Leo en La Estrella de Arica: La sexta reunión del Consejo Regional de Arica y Parinacota, realizada ayer, deparó incontables sorpresas y peleas, un espectáculo difícil de creer por el nivel que alcanzó. Cuando leo lo que está pasando no solo en Arica sino en todo Chile, donde tanto don nadie se ha visto convertido en autoridad casi por accidente, no puedo dejar de pensar en los tiempos de Calígula y como se sentiría la gente cuando tenían a un loco en el gobierno.
Debe haber sido un sentimiento parecido entre la gente común y corriente a lo que siento ahora al ver al montón de payasos, que sin ninguna verguenza muestran lo incapaces que pueden llegar a ser, es esa actitud que los gringos llaman “in your face”: soy nada, soy incapaz, soy ladrón ¿y que? igual soy autoridad y te mando.
Se dice que Calígula fue el primer emperador romano que en el momento de su ascensión era admirado en todo el mundo y al principio hizo honor a su fama, fue justo y prudente, al principio todo iba a las mil maravillas.

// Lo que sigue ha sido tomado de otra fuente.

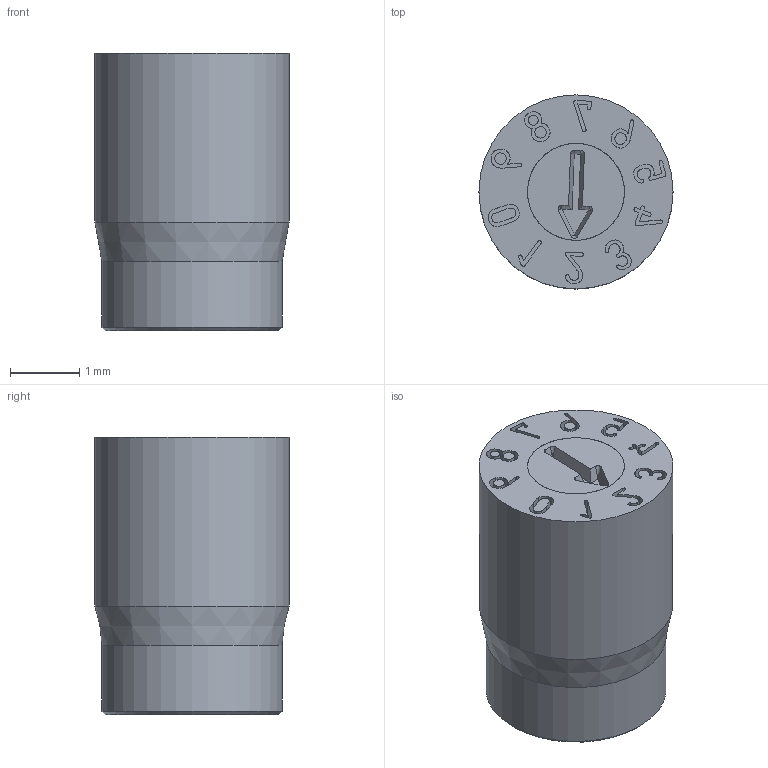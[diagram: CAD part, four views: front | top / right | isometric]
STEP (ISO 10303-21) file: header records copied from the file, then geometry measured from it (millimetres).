
FILE_DESCRIPTION(/* description */ (''),/* implementation_level */ '2;1');
FILE_NAME(/* name */ 'Dati-1400_H+I_I$2,8$00.stp',/* time_stamp */ '2025-09-12T10:11:33+02:00',/* author */ ('olafg'),/* organization */ (''),/* preprocessor_version */ 'ST-DEVELOPER v20',/* originating_system */ 'Autodesk Inventor 2024',/* authorisation */ '');
FILE_SCHEMA (('AUTOMOTIVE_DESIGN { 1 0 10303 214 3 1 1 }'));
Length unit declared in the file: millimetre
Products named in the file (3): Zusammenbau 1003; 1002,8-01-00 Hülse; 1302,8-05-00 Stelleinsatz
Assembly tree (2 placements, depth 2):
  Zusammenbau 1003
    1002,8-01-00 Hülse
    1302,8-05-00 Stelleinsatz
Bounding box: 2.8 x 2.8 x 4 mm (x, y, z)
Volume: 21.7 mm3; surface area: 77.8 mm2
Topology: 2 solids, 2 shells, 230 faces, 626 edges, 413 vertices
Faces by surface type: bspline 142, plane 73, cone 8, cylinder 6, torus 1
Full cylindrical faces by diameter (mm): 0.8 x2, 1.4 x2, 2.6 x1, 2.8 x1
Entity records: 8113 total; most frequent: CARTESIAN_POINT 3180, ORIENTED_EDGE 1242, EDGE_CURVE 621, DIRECTION 547, VERTEX_POINT 413, LINE 313, VECTOR 313, B_SPLINE_CURVE_WITH_KNOTS 284

Pero se enfermó gravemente y a su recuperación ya era otra persona. Tanto lo querían que cuando estaba enfermo varios habían prometido su vida a los dioses si se recuperaba, apenas se puso bien lo primero que hizo fue cobrarles la palabra: los mandó a matar a cada uno de ellos.
De allí empezó una espiral de locuras y abusos, partiendo por restaurar las elecciones democráticas. La ruina económica y la hambruna no se hicieron esperar a lo que siguió la paranoia, Calígula empezó a ver complots en todas partes y a asesinar a los ricos para quedarse con su fortuna. En el año 40 comenzó a realizar sus apariciones públicas vestido de dios y semidiós. Se refería a sí mismo como un dios cuando comparecía ante los senadores, y en ocasiones aparecía en los documentos públicos con el nombre de Júpiter.

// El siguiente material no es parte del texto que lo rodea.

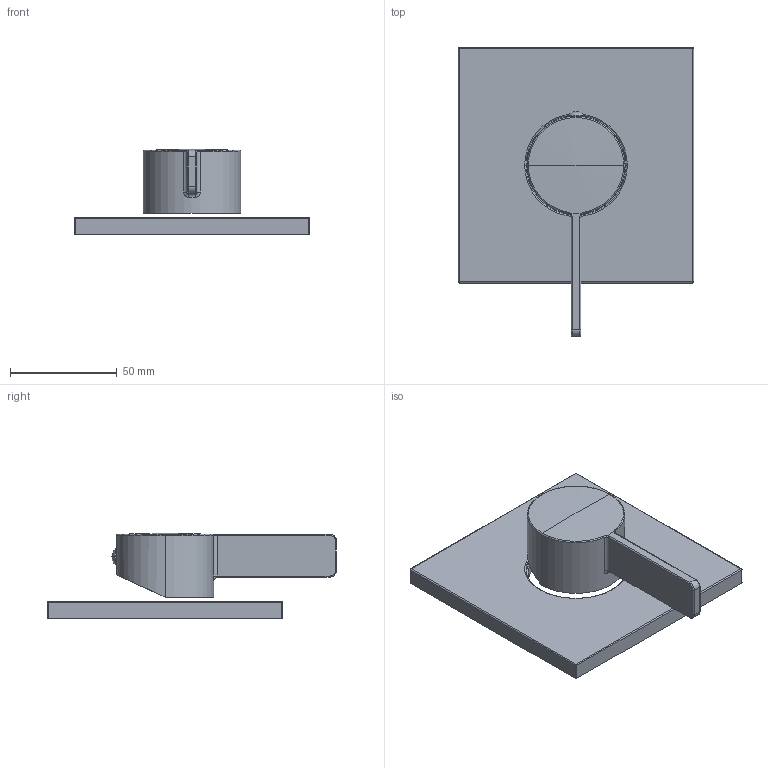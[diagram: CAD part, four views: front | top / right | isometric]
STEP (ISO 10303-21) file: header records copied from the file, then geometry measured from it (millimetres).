
FILE_DESCRIPTION((''),'2;1');
FILE_NAME('RO010CREST','2021-11-04T11:16:30',('ut3'),('PAFFONI SpA'),'CREO PARAMETRIC BY PTC INC, 2020044','CREO PARAMETRIC BY PTC INC, 2020044','');
FILE_SCHEMA(('CONFIG_CONTROL_DESIGN','SHAPE_APPEARANCE_LAYERS_GROUPS'));
Length unit declared in the file: millimetre
Products named in the file (1): RO010CREST
Bounding box: 110 x 135 x 40 mm (x, y, z)
Volume: 80070.4 mm3; surface area: 47343.2 mm2
Topology: 2 solids, 3 shells, 208 faces, 490 edges, 290 vertices
Faces by surface type: plane 73, cylinder 71, torus 29, cone 13, bspline 12, sphere 10
Entity records: 8554 total; most frequent: CARTESIAN_POINT 2288, DIRECTION 1025, ORIENTED_EDGE 972, EDGE_CURVE 486, AXIS2_PLACEMENT_3D 399, VERTEX_POINT 290, VECTOR 227, LINE 227

Se le acusaba de alardear de acostarse con las mujeres de sus súbditos, de matar por pura diversión, mantener relaciones incestuosas con sus hermanas; Agripina la Menor, Drusilla y Julia Livilla. Probablemente la historia más famosa es la que cuenta que el emperador quiso nombrar a su caballo, Incitato, cónsul y sacerdote.
Todo vuelve a pasar, hoy vemos a autoridades que son como angelitos hasta que se instalan en la oficina, entonces se transforman y colocan a toda su familia de incapaces en puestos clave, se arreglan con contratos escandalosos ¿y que? yo soy la autoridad, dime algo a ver si puedes. Ah estos modernos Calígulas, solo nos queda esperar que los asesine un esclavo o que se atraganten con un hueso de pollo, la historia es cíclica.
Entre varias otras locuras que he estado haciendo, le estoy ayudando a mi tocayo a traducir al castellano su artículo ¿Que es el Tai Chi? donde da una explicación bien interesante acerca de ese arte de la anticipación, el artículo lo vamos puliendo de a poco y pueden verlo como primicia Aquí.
Bah, pero tengo que seguir trabajando ¡que triste es la vida del pobre! con suerte, este fin de semana quedo listo. Hasta mañana.